I also replced my “X” & “Y” filler tiles with tiles of noise from within a data section of the ROM. It looks enough like a natural glitch that I’m happy with it for now. I’ll come back to it at some point I imagine, but it’s a good placeholder. Hopefully I can fix it up, when I finally work out how to spy on the DMA writes to VRAM. But that’ll be for another update.

Another update that will hopefully come a lot sooner!

Title Screen Break Dancing Headspin, Part 1

I have recently had a look deeper into my title screen tilemap woes. As posted earlier, currently my title screen looks like this:-

This seemed like a good start, but clearly not good enough. Before I began, I read a lot of VDP page on the Mega Drive Wiki. I cannot overstate how brilliant a resource this is, it has given me a much greater idea of the little black console’s internals. If you want to know anything about the system, go there.

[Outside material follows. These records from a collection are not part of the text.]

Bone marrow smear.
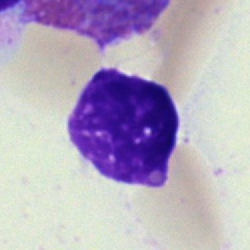Q: What is shown here?
A: This is an artefact.
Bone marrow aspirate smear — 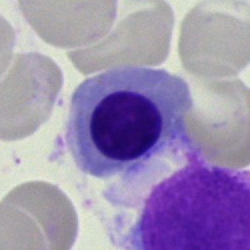

Q: What is the morphological classification of this cell?
A: Nucleated red cell.
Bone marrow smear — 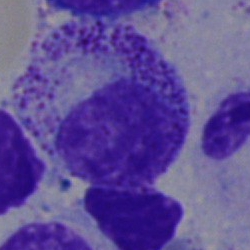Morphology consistent with a myelocyte.
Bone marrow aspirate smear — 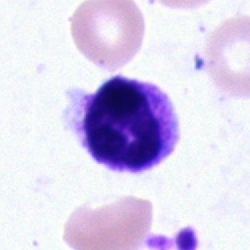Morphology consistent with a polymorphonuclear neutrophil.
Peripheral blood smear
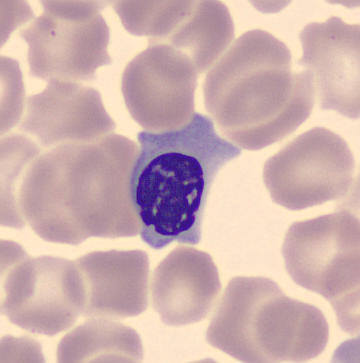Cell type: normoblast.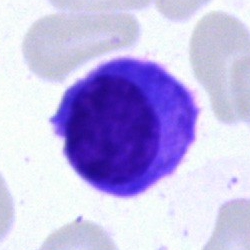 Showing a plasma cell.
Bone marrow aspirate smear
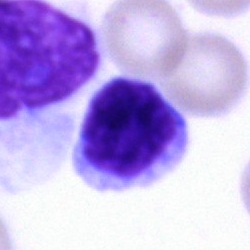Cell: lymphocyte.
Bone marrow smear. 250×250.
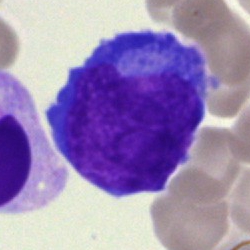

Morphology consistent with a blast.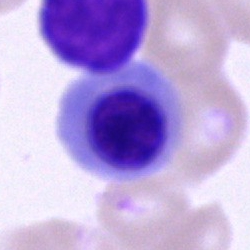Morphological class: nucleated red cell.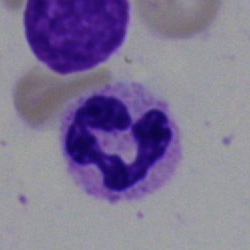 Impression — segmented neutrophil.
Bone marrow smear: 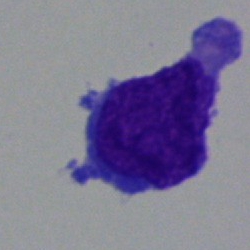
{"cell_type": "undifferentiated blast"}
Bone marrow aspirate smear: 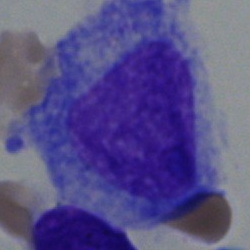Single cell identified as a promyelocyte.
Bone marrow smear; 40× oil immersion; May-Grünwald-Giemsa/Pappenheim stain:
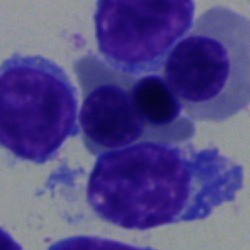

Q: Identify the cell.
A: It is a nucleated red cell.
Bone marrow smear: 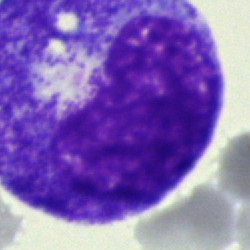
Showing a progranulocyte.
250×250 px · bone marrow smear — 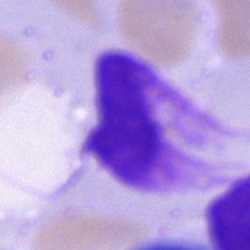
Morphology consistent with an artefact.
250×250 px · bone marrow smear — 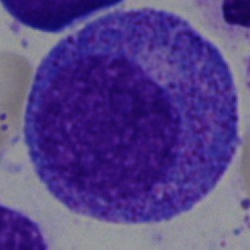 The cell type is promyelocyte.

As the tilemap has repetitions in key places (for example, the X & Y tiles), I started looking for a way to change this (and hopefully get rid of the licensing info in the process). So step one was to try and find it plainly in the ROM. In RegenD, I loaded the ROM up to the title, and turned off the layers one by one to see what was where. The planet background is on PlaneA, and the Mass Effect logo & license info is on Plane B. I loaded up the VDP debugger to look at the registers:-

Register #04 is what I was looking for, the location of the PlaneB (FieldB in Regen-speak) – 0x2000. A quick VRAM dump, into my hex editor, and have a peek at location 0x2000 – and gold. After bytes & bytes of 00, suddenly I see it – “6C 87 6C 87 6C 87…”. Obviously what  I was looking for, the first row of repeated blank tiles – 6C87 being the 16-bit nametable entry for the blank tile. First try, I copied the first 20-odd bytes from the tilemap in and searched the main ROM for it.

“No Match Found”

Not entirely surprised, to be honest. With that much repetition, storing it plainly would just be a waste of space – and that could get you the death sentence as a game developer in the cartridge days!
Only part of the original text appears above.